Rappelons que l’éducation est reconnue universellement comme un droit humain fondamental de tous les enfants. Elle contribue non seulement au développement social et économique mais surtout elle prépare à la vie, jette les bases pour le développement et le bien être des enfants. Fournir l’accès à l’éducation contribue largement à créer la continuité, à enseigner les aptitudes permettant d’assurer la survie, de donner l’espoir et le sens de la responsabilité et à tranquilliser les populations déplacées en situation d’urgence. Si à court terme l’accès à l’éducation de base offre aux enfants la possibilité d’acquérir des connaissances et des compétences qui leur permettent de faire face de façon plus efficace aux circonstances difficiles qui prévalent, à long terme, l’éducation offre la base nécessaire pour le développement personnel et pour le bien être des enfants en leur permettant de comprendre leurs conditions de vie, de communiquer efficacement, de prendre des décisions éclairées, de résoudre les problèmes et de prendre des initiatives.
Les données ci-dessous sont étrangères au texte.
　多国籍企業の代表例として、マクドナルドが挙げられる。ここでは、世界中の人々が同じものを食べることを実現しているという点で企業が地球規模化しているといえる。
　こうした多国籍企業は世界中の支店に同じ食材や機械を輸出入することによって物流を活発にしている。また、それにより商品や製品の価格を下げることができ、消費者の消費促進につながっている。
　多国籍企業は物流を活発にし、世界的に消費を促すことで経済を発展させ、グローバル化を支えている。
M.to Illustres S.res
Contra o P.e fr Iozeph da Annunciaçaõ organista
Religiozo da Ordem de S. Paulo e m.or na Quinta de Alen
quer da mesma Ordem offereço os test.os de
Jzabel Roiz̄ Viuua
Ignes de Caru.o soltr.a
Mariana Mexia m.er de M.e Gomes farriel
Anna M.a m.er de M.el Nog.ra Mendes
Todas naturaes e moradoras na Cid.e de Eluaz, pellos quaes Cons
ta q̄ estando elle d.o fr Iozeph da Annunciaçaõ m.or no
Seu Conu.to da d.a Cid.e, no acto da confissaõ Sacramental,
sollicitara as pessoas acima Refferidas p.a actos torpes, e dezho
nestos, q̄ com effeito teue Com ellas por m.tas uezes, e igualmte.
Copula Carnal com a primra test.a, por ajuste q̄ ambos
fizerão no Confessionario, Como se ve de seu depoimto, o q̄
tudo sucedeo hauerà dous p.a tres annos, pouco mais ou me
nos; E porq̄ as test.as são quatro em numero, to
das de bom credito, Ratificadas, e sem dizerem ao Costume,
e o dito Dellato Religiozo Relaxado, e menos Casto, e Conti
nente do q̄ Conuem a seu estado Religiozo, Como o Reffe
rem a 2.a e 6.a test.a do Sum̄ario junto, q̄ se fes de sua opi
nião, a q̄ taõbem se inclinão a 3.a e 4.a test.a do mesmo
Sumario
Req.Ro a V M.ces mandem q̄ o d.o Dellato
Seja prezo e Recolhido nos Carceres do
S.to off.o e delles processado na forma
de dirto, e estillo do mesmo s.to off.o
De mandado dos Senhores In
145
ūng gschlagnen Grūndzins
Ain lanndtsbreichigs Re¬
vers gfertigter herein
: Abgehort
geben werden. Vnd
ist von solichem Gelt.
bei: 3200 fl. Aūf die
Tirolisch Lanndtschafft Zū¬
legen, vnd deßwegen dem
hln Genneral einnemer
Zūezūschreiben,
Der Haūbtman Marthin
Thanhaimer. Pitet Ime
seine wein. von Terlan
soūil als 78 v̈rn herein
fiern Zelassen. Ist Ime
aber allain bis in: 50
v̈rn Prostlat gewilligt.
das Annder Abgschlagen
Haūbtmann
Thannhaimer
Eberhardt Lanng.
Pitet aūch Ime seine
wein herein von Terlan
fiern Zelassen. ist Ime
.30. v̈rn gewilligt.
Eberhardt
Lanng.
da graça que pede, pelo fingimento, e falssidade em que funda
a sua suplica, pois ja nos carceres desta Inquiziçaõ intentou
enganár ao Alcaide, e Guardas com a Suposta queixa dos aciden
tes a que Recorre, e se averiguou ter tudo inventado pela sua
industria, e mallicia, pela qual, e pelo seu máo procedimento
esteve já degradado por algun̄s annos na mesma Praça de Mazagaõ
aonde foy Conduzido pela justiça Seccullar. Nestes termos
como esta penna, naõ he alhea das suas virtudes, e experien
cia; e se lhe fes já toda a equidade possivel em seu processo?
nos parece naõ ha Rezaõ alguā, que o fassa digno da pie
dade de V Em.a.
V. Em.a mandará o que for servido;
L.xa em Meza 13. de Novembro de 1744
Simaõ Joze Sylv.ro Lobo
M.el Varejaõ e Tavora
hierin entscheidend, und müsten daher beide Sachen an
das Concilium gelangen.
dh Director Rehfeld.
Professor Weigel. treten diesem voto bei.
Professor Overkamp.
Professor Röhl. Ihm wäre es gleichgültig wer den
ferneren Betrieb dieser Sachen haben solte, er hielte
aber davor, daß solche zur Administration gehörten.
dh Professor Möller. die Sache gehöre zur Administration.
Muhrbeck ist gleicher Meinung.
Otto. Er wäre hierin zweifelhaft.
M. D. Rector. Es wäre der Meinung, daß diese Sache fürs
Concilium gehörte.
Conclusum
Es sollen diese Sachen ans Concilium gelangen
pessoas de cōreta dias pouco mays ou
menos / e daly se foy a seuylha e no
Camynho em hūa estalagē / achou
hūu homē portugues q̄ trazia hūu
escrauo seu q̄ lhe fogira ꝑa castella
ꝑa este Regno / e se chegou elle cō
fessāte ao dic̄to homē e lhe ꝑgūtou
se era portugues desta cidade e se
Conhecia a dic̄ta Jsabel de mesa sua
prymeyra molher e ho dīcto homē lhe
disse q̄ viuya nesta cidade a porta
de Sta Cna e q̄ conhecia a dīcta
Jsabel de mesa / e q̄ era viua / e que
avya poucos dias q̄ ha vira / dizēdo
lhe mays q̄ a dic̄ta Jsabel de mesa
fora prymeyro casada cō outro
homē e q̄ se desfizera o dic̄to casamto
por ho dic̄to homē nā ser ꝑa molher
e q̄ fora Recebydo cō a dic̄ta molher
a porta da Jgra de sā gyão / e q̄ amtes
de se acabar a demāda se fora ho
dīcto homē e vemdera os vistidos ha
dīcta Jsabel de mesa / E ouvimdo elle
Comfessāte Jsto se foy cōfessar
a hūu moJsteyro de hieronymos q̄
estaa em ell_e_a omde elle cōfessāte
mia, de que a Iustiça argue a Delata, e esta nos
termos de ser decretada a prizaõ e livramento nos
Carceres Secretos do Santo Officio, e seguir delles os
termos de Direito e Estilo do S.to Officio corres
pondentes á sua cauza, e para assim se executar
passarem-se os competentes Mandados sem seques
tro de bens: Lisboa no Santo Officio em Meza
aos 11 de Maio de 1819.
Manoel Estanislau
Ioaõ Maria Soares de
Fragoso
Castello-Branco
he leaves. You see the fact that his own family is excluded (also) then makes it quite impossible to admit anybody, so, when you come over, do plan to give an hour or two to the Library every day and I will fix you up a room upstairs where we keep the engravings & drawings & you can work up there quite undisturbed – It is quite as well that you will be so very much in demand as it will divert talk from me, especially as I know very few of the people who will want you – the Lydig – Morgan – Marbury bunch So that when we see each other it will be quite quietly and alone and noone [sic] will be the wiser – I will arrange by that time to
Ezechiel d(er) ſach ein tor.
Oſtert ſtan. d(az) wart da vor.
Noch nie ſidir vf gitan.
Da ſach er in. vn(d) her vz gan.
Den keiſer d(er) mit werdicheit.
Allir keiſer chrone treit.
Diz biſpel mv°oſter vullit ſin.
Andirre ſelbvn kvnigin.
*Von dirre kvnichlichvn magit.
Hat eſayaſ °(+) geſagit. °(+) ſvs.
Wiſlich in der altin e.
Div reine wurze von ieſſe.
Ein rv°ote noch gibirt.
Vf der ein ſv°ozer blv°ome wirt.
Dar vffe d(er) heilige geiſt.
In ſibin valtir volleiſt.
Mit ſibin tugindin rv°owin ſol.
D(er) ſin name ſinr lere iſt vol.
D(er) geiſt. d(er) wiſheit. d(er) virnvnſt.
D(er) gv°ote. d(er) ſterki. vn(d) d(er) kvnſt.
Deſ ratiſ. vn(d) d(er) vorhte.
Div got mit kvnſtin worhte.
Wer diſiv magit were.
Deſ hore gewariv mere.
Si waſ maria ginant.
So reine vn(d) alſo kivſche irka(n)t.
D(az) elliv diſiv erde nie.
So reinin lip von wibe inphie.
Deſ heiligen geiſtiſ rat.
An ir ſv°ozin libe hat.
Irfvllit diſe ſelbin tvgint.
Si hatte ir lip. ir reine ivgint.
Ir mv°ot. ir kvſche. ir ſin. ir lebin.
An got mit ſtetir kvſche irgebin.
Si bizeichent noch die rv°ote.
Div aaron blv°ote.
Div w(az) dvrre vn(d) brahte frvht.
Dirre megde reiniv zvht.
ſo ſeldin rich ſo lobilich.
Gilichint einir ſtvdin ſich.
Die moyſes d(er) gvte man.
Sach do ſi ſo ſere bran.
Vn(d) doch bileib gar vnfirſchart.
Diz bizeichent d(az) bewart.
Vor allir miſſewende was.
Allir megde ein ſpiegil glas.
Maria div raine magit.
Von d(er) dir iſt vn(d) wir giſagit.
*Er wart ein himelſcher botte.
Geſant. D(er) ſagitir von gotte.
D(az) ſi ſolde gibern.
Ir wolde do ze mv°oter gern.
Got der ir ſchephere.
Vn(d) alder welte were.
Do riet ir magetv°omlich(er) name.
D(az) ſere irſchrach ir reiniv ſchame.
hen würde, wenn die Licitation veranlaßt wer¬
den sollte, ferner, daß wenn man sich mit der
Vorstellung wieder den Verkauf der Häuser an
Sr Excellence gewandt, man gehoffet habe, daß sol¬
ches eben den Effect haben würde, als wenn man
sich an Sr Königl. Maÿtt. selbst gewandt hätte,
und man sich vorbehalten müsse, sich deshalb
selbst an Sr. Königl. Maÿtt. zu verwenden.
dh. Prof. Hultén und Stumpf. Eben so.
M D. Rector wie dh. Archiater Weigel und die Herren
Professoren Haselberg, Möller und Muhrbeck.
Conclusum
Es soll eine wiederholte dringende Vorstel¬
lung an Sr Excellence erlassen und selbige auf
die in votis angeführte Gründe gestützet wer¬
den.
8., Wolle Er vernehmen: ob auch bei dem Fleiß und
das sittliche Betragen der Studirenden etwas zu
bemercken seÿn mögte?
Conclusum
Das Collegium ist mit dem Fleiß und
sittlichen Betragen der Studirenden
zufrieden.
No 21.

Rappelons aussi que l’État est le premier responsable de l’éducation de sa population. Dans un programme d’éducation d’urgence, un travail de plaidoyer constant auprès du ministère de l’Éducation nationale doit être mené pour que les écoles ne soient pas considérées comme des « écoles ONG » mais comme des écoles du pays. S’il s’agit de personnes déplacées, elles sont déplacées à l’intérieur de leur propre pays. Le premier responsable de l’école est donc l’État de ce pays. Au Tchad, l’État est souverain. Il est le premier responsable de sa population, et donc des déplacés internes. C’est pourquoi, tout ce qui est fait dans le domaine éducatif doit être fait en accord avec la loi nationale et le système éducatif tchadien. Il faut appuyer le ministère, qui dans le futur sera le seul à porter le système : reconnaissance, paiement et formation des maîtres, construction d’écoles, appui à la scolarisation des filles, cantines scolaires, etc.